WHAT YOU SHOULD DO:
Scan the entries below. List each line with "bottom".
+++ INFORMATION GIVEN +++
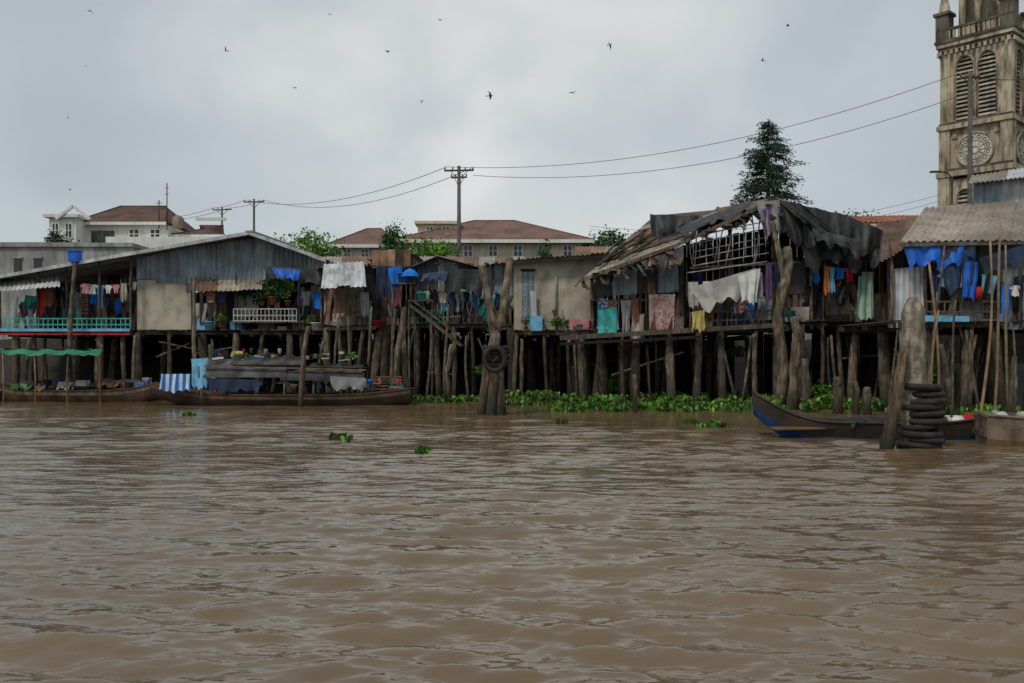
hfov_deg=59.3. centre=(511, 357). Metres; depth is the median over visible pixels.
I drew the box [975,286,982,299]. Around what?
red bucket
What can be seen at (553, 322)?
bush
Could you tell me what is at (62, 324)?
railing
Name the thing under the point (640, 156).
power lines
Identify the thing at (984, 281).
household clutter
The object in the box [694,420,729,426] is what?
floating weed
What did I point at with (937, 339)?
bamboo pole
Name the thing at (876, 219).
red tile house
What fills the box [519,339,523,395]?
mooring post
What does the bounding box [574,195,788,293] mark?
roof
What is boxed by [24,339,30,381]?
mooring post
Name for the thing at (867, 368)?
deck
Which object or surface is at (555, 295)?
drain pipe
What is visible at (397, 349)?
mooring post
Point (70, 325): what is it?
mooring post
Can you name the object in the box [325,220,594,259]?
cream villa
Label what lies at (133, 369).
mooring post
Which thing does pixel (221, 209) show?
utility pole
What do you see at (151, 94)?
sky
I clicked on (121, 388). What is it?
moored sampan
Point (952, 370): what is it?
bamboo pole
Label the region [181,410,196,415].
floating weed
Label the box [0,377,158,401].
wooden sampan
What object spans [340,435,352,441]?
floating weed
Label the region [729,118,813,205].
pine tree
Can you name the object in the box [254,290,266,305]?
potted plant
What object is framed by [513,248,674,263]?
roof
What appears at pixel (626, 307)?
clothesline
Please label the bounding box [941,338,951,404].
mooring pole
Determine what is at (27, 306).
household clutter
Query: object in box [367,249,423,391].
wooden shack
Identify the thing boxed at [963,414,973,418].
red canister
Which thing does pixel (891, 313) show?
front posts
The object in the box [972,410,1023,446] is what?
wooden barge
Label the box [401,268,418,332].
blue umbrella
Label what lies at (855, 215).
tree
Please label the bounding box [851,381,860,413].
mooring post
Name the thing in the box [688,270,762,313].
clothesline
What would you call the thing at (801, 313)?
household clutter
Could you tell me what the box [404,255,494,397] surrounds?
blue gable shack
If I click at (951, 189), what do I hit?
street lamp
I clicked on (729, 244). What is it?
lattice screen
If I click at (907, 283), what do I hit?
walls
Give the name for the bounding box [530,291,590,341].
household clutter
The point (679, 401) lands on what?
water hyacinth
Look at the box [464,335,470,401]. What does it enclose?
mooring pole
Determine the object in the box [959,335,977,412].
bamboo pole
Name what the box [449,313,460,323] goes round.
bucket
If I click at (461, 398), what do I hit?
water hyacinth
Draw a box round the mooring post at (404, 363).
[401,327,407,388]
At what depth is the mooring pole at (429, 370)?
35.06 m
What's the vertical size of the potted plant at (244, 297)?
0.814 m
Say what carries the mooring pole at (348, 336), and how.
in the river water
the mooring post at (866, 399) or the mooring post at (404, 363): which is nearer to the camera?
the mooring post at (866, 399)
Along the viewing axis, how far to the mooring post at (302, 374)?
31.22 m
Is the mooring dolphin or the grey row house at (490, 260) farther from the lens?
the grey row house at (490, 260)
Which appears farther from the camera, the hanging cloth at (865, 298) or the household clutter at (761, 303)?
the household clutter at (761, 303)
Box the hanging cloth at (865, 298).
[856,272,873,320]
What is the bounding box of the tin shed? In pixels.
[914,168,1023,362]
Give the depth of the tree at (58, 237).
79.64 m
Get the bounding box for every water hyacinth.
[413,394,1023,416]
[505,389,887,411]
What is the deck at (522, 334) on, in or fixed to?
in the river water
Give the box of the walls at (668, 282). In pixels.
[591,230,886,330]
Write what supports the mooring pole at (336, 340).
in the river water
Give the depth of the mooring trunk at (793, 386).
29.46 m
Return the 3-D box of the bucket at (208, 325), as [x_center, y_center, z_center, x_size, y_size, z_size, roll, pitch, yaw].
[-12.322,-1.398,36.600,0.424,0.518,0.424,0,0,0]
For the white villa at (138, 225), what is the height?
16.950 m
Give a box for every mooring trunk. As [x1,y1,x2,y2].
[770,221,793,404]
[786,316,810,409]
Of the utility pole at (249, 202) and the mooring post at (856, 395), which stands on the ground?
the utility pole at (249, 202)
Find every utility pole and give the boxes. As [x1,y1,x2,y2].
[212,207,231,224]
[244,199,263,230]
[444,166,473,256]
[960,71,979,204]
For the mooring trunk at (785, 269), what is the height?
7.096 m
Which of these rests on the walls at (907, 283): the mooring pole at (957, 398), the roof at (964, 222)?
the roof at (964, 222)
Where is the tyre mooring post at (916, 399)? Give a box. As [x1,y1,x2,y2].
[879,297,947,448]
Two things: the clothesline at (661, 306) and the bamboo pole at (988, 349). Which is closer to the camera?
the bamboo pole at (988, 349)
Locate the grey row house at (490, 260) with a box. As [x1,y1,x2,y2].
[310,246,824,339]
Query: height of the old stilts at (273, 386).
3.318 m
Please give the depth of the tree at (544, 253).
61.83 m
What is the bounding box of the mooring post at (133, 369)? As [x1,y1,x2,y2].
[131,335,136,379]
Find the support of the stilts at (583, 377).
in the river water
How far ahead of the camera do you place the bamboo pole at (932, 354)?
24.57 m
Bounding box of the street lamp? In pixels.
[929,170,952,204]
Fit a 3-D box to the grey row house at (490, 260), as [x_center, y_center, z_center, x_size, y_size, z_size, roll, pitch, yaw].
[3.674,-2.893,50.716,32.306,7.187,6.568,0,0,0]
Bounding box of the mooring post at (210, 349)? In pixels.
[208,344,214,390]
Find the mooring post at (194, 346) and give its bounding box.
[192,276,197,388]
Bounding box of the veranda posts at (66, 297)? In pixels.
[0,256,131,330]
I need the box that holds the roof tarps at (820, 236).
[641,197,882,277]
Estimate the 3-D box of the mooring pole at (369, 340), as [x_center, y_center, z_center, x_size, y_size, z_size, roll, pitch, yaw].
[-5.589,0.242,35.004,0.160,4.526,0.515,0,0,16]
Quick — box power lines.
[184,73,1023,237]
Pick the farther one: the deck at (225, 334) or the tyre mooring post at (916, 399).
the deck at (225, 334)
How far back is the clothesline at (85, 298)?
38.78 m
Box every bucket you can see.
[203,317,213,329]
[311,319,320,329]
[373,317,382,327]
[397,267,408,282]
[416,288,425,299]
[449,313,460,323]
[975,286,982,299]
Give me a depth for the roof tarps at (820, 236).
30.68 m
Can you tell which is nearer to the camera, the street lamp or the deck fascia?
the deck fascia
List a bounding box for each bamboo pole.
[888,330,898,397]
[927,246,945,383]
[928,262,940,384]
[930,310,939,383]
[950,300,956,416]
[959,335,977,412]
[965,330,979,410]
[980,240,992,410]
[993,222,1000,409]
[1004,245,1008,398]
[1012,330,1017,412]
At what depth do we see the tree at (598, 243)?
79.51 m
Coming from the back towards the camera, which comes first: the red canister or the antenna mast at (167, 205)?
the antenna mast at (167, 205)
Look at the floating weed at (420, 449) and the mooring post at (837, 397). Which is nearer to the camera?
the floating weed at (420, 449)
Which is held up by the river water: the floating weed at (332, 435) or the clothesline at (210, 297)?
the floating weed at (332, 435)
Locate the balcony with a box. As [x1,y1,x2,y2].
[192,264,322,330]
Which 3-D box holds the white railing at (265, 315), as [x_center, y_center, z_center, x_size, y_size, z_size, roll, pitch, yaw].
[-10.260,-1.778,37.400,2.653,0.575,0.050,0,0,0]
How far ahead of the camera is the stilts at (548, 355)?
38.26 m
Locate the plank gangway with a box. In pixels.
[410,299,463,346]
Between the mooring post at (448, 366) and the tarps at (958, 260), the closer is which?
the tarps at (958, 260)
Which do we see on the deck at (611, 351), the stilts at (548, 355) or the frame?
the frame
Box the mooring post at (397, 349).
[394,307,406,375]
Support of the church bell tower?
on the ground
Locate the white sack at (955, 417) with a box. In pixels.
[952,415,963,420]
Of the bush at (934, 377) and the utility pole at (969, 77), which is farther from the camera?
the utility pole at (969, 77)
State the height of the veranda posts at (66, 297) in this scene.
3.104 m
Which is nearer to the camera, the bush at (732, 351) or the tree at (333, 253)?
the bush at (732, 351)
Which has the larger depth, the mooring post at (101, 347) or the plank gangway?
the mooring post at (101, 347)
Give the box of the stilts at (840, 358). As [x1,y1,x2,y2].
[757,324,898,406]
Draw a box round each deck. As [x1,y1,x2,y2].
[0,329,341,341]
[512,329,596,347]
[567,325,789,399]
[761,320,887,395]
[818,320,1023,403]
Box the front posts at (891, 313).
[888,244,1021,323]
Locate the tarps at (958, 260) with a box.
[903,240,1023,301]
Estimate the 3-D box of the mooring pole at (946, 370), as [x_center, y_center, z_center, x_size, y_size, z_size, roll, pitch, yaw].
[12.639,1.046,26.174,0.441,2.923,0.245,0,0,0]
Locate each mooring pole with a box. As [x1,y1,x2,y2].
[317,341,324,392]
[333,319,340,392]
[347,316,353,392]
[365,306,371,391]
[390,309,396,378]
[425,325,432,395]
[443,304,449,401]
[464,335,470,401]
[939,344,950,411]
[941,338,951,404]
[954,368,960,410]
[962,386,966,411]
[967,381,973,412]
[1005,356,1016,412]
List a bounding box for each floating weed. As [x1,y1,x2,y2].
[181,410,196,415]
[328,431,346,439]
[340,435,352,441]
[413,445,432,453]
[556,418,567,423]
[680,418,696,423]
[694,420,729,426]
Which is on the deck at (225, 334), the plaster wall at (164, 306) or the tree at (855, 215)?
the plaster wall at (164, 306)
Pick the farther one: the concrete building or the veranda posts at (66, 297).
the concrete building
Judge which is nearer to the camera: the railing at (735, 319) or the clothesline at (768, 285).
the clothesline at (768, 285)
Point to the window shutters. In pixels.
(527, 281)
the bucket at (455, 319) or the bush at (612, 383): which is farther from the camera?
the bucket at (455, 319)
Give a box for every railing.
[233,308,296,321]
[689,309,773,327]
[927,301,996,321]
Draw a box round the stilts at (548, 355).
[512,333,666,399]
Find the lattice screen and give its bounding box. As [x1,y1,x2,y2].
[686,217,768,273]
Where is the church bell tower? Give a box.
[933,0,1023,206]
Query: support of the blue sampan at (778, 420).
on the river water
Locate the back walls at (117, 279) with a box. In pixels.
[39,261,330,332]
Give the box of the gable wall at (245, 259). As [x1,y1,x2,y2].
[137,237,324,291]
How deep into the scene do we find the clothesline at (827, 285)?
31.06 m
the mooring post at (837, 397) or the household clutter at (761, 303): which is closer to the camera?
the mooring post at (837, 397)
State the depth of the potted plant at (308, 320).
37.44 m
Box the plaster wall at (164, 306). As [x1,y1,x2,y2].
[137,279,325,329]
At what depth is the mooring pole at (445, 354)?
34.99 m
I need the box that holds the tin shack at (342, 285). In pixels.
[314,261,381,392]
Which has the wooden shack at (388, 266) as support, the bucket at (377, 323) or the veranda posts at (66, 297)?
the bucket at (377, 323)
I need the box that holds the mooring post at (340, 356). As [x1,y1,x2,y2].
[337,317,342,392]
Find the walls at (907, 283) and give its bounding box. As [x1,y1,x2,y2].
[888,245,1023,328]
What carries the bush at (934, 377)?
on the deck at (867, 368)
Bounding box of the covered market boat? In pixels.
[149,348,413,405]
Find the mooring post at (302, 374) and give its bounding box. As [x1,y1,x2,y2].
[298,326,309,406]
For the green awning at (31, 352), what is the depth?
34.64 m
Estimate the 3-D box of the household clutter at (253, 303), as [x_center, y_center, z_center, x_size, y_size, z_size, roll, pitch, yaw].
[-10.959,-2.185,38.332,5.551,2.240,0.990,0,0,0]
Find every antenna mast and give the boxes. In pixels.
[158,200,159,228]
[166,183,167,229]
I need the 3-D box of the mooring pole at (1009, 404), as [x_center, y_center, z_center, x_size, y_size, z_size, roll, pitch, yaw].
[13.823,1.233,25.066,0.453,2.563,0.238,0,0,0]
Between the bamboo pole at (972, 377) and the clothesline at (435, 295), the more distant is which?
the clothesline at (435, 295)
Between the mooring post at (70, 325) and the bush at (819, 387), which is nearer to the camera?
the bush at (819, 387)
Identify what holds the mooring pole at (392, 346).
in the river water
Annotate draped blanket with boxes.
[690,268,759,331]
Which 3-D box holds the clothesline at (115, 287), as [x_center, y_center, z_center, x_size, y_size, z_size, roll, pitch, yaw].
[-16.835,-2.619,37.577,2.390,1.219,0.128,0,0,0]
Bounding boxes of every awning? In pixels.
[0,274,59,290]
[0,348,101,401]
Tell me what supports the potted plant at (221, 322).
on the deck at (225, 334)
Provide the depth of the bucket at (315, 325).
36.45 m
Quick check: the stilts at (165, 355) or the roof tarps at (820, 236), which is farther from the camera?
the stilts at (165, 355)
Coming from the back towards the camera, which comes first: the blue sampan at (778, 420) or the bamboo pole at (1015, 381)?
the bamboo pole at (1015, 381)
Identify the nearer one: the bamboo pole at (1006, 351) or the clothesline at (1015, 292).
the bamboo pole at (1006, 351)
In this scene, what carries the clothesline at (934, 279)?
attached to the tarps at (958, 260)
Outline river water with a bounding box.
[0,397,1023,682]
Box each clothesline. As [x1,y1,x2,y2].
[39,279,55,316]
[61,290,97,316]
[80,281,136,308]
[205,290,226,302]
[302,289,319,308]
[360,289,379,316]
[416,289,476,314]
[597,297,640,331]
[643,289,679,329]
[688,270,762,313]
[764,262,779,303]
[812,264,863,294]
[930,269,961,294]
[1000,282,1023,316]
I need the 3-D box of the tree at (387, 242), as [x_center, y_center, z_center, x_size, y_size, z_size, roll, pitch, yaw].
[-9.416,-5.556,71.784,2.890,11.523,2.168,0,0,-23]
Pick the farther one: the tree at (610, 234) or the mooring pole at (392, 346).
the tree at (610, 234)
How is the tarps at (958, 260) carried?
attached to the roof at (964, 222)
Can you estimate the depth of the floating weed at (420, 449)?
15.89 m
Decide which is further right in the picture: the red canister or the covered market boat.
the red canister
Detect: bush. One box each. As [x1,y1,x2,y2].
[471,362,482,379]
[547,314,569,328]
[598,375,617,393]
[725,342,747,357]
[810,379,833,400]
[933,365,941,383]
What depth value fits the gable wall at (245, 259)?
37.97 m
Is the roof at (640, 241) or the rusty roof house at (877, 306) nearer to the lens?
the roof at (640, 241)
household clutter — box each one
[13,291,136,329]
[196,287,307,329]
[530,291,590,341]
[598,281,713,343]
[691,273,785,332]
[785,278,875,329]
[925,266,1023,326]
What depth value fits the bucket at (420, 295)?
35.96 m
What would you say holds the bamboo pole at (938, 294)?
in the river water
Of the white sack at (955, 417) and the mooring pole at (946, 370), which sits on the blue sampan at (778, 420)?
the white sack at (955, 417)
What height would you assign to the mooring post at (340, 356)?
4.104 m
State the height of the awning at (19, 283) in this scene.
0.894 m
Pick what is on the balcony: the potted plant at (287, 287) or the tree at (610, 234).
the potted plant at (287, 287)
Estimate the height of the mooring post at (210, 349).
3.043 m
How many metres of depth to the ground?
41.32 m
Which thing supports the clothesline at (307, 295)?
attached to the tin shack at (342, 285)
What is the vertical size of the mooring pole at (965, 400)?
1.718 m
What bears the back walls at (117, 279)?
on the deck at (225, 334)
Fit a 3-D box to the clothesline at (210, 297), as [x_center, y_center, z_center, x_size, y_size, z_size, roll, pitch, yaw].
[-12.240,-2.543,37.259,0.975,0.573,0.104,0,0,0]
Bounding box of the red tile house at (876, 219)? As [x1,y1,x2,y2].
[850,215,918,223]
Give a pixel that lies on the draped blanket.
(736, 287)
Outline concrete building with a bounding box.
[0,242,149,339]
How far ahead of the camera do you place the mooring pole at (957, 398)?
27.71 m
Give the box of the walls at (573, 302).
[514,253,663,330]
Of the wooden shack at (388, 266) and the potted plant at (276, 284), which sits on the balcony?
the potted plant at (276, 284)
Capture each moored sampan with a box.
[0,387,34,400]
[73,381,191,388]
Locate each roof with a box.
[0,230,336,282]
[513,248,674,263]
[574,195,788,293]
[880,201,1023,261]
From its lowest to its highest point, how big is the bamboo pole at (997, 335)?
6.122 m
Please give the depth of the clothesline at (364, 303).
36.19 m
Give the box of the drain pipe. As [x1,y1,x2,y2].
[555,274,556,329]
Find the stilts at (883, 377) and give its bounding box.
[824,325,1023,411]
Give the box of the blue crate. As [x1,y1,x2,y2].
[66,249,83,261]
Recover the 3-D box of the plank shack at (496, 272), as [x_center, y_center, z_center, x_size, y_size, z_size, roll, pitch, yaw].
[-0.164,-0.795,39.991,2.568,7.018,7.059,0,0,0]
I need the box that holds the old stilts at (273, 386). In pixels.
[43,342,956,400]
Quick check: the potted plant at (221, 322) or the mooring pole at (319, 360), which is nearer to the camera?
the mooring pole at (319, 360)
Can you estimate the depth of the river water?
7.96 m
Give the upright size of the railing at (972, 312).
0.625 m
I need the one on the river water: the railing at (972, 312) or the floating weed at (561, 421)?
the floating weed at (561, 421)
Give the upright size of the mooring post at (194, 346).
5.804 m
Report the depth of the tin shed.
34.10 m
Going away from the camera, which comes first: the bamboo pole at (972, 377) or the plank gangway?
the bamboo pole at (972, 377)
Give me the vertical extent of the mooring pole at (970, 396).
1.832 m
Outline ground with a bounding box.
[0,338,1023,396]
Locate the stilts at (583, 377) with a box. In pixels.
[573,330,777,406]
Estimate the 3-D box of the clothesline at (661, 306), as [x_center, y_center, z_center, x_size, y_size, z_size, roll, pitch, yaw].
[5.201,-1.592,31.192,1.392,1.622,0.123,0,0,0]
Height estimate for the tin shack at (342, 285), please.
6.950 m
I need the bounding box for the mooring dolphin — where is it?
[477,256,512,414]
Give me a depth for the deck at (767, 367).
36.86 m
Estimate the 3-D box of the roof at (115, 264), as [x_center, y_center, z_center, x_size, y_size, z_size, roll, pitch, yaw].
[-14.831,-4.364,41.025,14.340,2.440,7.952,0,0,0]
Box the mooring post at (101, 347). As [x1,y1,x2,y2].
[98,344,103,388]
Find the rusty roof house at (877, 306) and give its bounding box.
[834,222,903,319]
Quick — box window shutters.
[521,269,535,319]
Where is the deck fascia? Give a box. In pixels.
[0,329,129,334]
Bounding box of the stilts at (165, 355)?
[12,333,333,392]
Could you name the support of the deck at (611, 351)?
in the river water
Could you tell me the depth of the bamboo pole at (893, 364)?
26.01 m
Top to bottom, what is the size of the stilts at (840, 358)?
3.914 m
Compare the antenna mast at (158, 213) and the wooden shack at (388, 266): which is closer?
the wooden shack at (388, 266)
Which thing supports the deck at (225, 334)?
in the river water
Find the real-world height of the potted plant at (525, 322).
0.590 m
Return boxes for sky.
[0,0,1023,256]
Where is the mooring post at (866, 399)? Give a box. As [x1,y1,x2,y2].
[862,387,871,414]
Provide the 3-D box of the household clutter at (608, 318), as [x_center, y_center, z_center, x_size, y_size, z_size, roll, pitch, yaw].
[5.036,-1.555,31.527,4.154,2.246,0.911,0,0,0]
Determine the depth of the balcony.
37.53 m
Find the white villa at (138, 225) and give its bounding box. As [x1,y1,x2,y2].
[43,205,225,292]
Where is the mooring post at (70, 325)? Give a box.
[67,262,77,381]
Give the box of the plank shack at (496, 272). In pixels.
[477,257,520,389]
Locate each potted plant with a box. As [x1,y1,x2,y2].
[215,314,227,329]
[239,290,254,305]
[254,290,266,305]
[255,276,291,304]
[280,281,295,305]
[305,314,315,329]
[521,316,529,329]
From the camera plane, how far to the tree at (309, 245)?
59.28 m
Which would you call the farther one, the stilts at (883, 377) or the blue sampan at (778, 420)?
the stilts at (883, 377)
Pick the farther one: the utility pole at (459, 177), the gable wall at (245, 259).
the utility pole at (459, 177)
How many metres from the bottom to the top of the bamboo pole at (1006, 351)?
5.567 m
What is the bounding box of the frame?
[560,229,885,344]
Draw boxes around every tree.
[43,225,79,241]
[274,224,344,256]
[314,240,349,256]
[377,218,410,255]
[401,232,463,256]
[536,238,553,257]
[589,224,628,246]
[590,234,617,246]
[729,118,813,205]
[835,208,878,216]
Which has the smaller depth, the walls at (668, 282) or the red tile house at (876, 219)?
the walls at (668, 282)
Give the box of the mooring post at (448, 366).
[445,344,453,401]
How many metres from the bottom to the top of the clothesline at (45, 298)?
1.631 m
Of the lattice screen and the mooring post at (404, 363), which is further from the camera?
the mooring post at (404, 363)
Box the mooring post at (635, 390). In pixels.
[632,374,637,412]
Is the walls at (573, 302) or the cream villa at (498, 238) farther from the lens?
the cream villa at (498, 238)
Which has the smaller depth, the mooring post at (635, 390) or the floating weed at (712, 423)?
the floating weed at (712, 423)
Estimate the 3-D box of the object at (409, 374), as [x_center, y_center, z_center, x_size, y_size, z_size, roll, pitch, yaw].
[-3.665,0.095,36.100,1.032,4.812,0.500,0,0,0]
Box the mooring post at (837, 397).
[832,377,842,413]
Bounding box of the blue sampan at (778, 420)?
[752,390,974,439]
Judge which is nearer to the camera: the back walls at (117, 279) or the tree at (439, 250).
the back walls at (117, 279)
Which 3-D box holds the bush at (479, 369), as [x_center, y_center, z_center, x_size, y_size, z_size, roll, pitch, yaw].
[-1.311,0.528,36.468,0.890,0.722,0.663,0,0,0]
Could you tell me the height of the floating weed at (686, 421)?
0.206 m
+++
RESPONSE:
Top to bottom, what is the size of the stilts at (840, 358)?
How many metres from the bottom to the top of the bamboo pole at (1006, 351)?
How many metres from the bottom to the top of the clothesline at (45, 298)?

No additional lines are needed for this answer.